===== RAW DATA
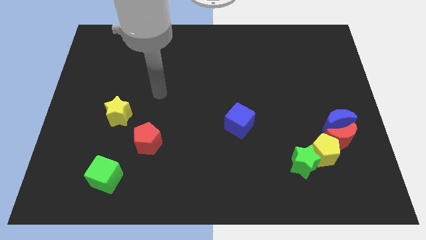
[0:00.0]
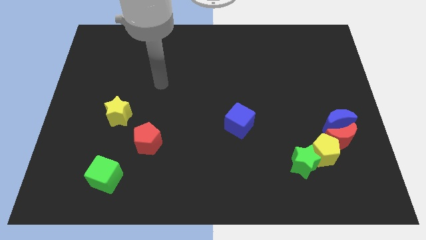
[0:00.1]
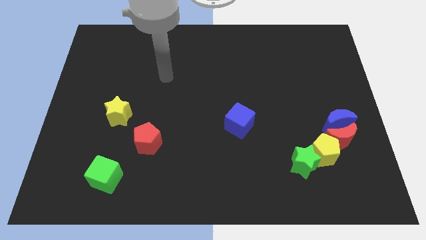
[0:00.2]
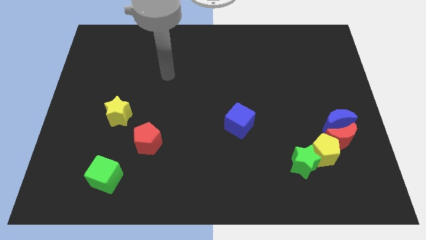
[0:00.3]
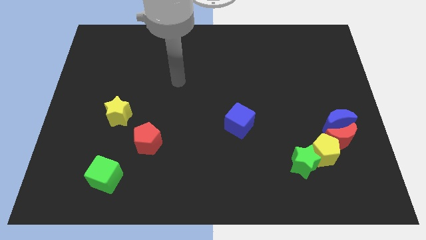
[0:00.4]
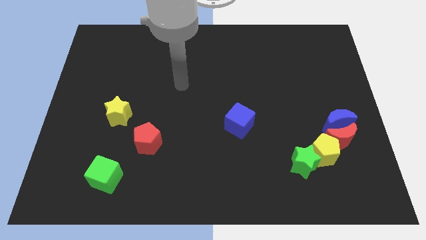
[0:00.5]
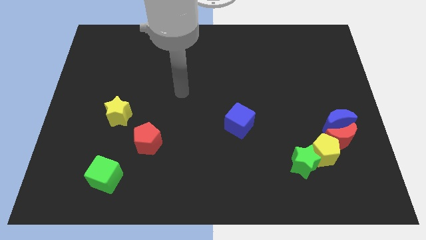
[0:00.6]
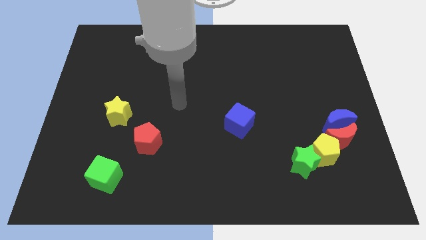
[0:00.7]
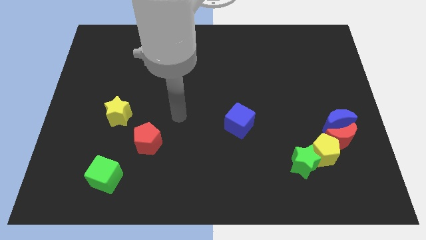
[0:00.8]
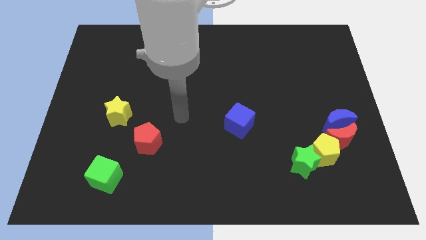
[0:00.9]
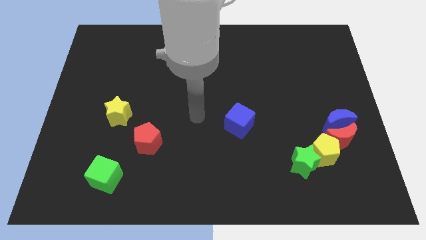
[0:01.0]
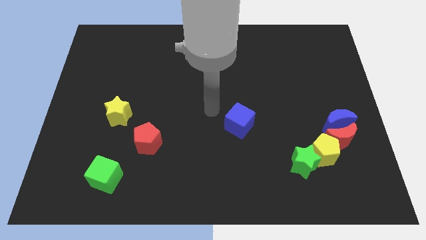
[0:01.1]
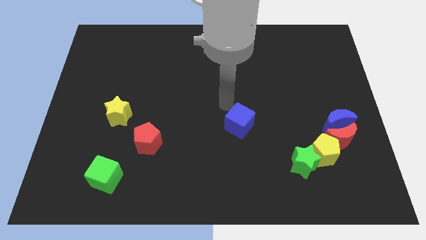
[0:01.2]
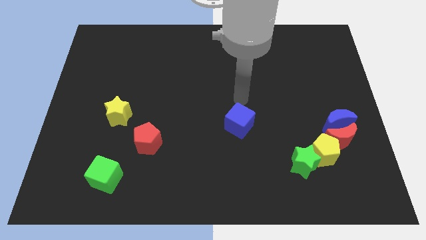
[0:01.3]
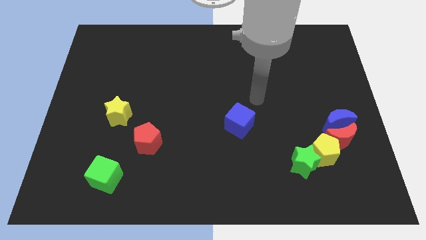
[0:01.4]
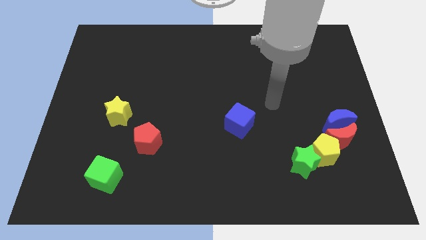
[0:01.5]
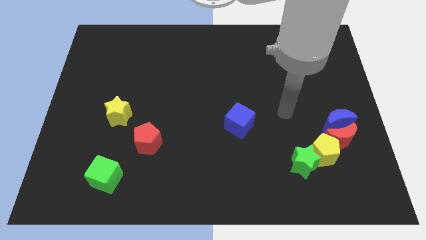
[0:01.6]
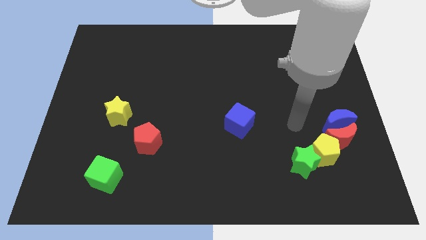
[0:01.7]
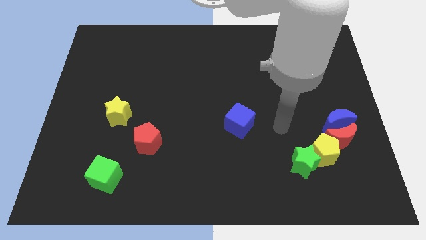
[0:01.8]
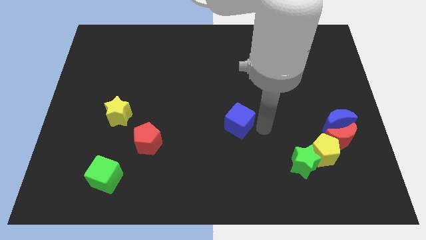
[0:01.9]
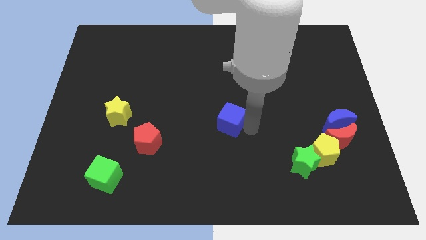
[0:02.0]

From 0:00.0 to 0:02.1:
move your arm towards the blue cube

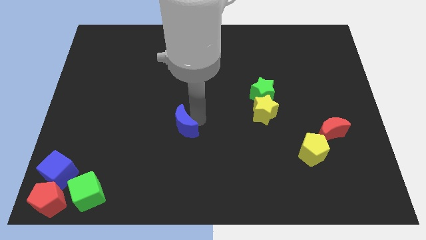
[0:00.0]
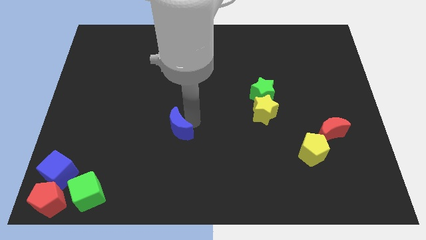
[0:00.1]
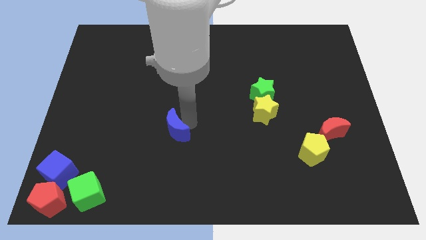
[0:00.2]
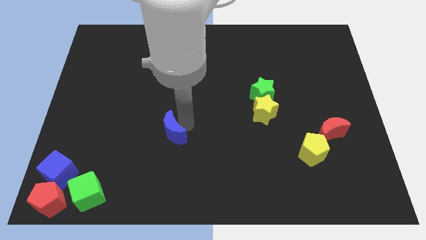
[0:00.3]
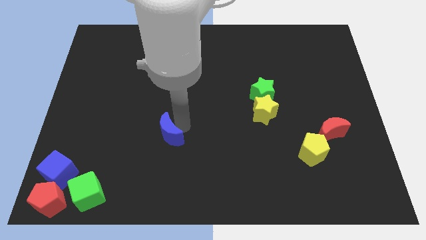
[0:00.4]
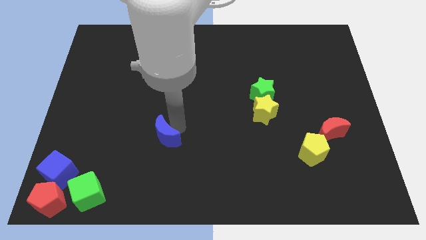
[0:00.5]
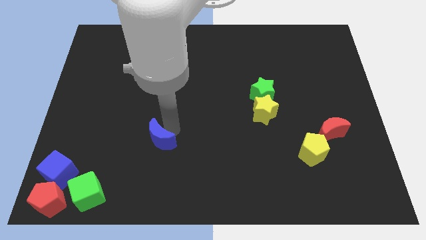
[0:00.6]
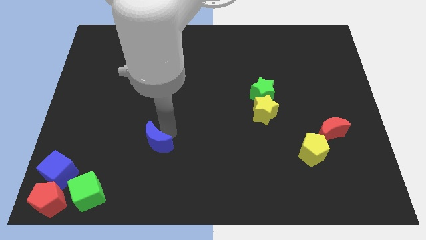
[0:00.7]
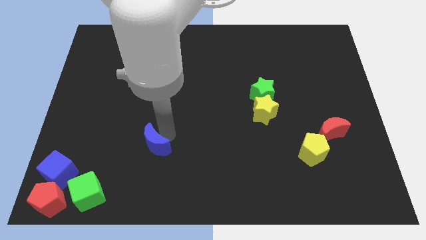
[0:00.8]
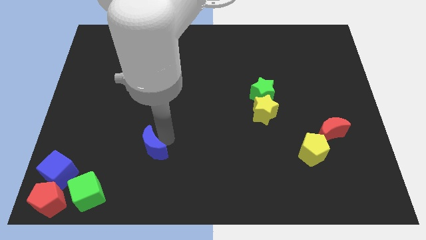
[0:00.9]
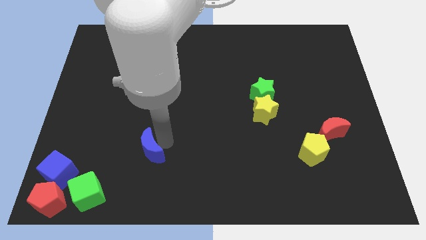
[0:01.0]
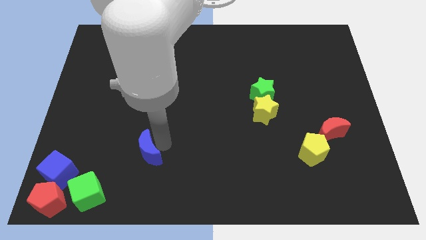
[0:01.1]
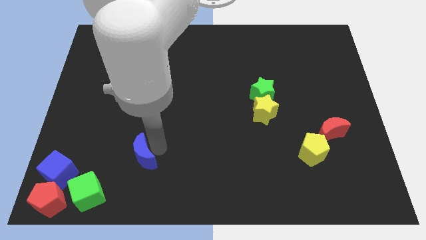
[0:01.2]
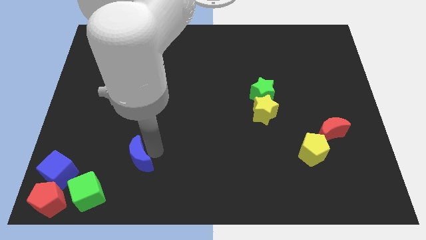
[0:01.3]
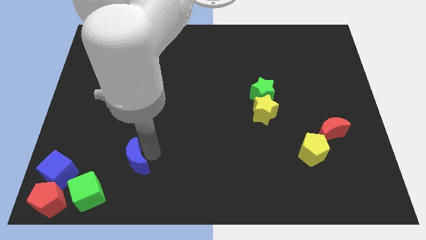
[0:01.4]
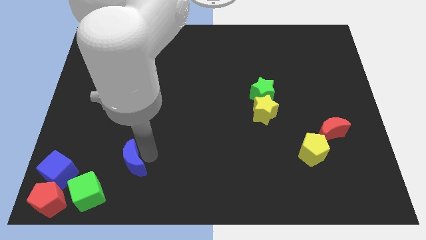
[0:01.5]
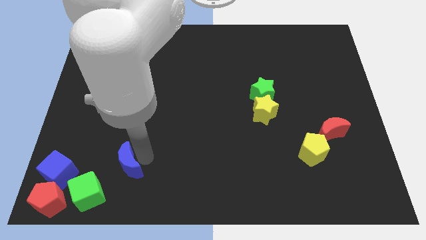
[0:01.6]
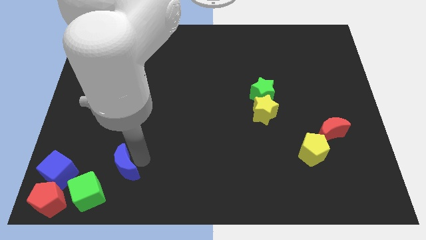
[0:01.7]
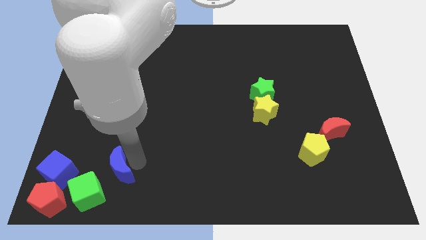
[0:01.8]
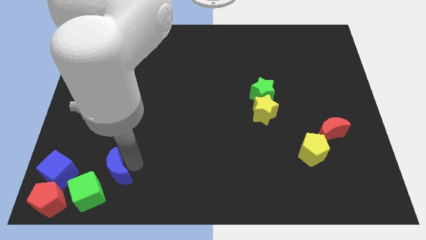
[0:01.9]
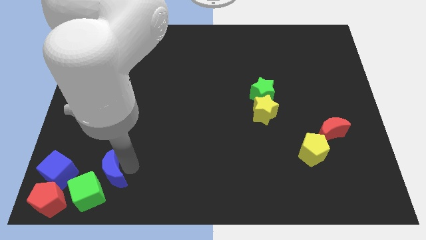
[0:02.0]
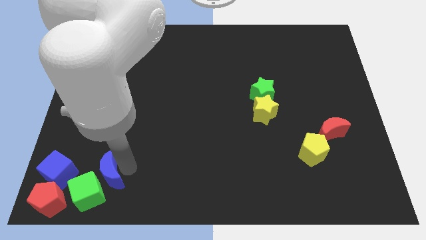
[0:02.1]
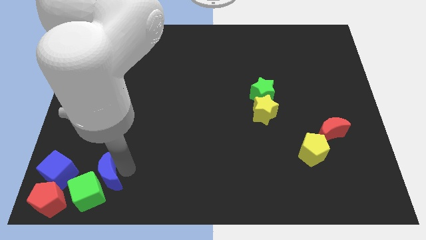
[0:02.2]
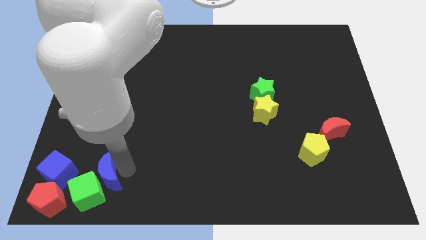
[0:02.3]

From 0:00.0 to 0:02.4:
==========
◆ YOUR GOAL
Type out the data above again exactly as written, minus the images.

◆ TASK ANSWER
[0:00.0]
[0:00.1]
[0:00.2]
[0:00.3]
[0:00.4]
[0:00.5]
[0:00.6]
[0:00.7]
[0:00.8]
[0:00.9]
[0:01.0]
[0:01.1]
[0:01.2]
[0:01.3]
[0:01.4]
[0:01.5]
[0:01.6]
[0:01.7]
[0:01.8]
[0:01.9]
[0:02.0]

From 0:00.0 to 0:02.1:
move your arm towards the blue cube

[0:00.0]
[0:00.1]
[0:00.2]
[0:00.3]
[0:00.4]
[0:00.5]
[0:00.6]
[0:00.7]
[0:00.8]
[0:00.9]
[0:01.0]
[0:01.1]
[0:01.2]
[0:01.3]
[0:01.4]
[0:01.5]
[0:01.6]
[0:01.7]
[0:01.8]
[0:01.9]
[0:02.0]
[0:02.1]
[0:02.2]
[0:02.3]

From 0:00.0 to 0:02.4:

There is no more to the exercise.